Эллен Лиен наклонилась и взяла стоящий на полу возле дивана кофейник. Налила кофе в две чашки. Я обратил внимание, что она смеялась. Лица гостьи я не приметил, мелькал только ее дерзкий конский хвостик, но я считал, я был уверен, что она, как и я, удивлена поведением Эллен. Разве можно смеяться, когда с гобой обращаются по-скотски? Избили ведь вчера вечером? Кроме того, с опухшей верхней губой не очень-то посмеешься. Больно, должно быть. И если даже губа не опухла… Ну и что! А память где ее? Забыла что ли о насилии? Внутри у тебя все кричит и рвется наружу… разве можно играть роль счастливой и довольной? Вдруг подруга произвела какие-то непонятные резкие движения. Прошло несколько секунд, почудилось, будто она пыталась встать и… взлететь. «Наконец-то, — подумал я. — Наконец, она отреагировала. Здоровая реакция здорового человека. Тоже, видно, полагала, что для смеха не было повода». Но вот она как бы успокоилась. Вероятно, сделала то, что обязана была сделать — высказала свое мнение. Ради бога, Эллен Лиен, скажи, что тебя связывало с мужем? К чему этот смех теперь? Плакать же надо! Почему пыталась скрыть его жестокость?

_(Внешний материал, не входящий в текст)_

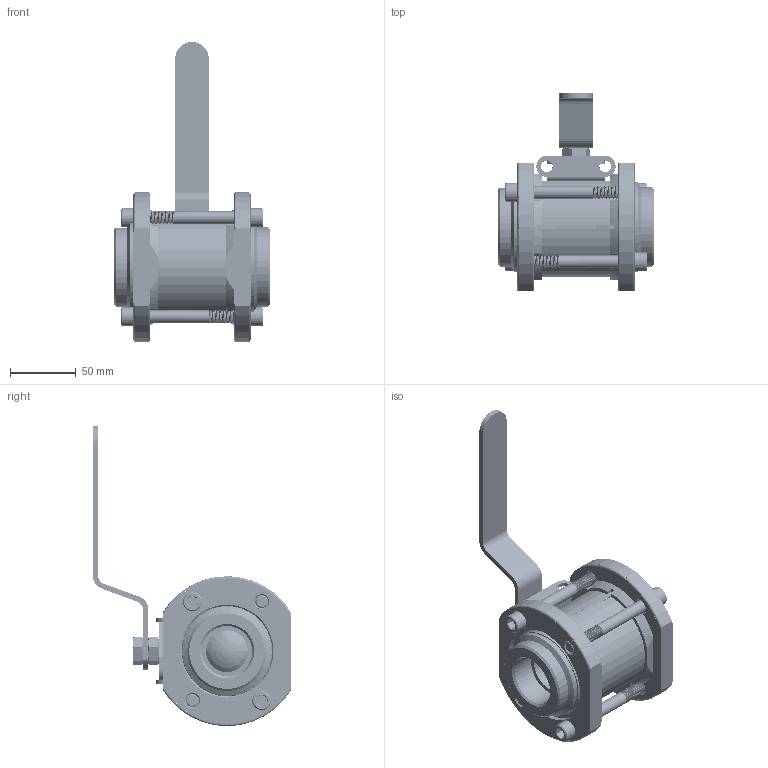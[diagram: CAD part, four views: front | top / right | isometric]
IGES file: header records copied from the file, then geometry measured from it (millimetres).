
Start section: SolidWorks IGES file using analytic representation for surfaces
Global section: file name: 22XXTSWSL.igs; native system: SolidWorks 2017; preprocessor: SolidWorks 2017; author: ryanm; date: 180315.140239; units: inch
Bounding box: 118.11 x 150.84 x 228.48 mm (x, y, z)
Surface area: 183922.9 mm2 (no closed solid volume)
Topology: 0 solids, 0 shells, 1316 faces, 28263 edges, 28261 vertices
Faces by surface type: revolution 945, bspline 371

Я допускаю, что насилие было давним делом в семье Лиен, что Эллен свыклась с ним и что у нее развилось нечто вроде чувства вины. Я читал одну статью в «Арбейдербладет» на эту тему. В ней речь шла о детях, которых отцы пользовали в сексуальных целях. И у них, как это ни странно, тоже появлялось чувство собственной виновности. Но что сделала Эллен Лиен неправильного в жизни? Ничего особенного, говорю я и говорят ее друзья. Но почему она ходит и копается в себе в поисках ответа, не существующего на белом свете? Нет, так не должно быть. Не должно быть и по-другому, а именно, что Эллен Лиен, производящая впечатление совершенно нормального и здорового человека, испытывает потаенную радость, в большей или меньшей степени, безусловно, получая хорошую трепку. Я слышал, что подобное случается, и даже не редко. Был ли удар, который я видел, ударом, о котором она сама молила? (Хорошо, Эллен, но только один.) Или виденное было прелюдией к извращенной сексуальной игре, разыгравшейся позднее в четырех стенах спальни?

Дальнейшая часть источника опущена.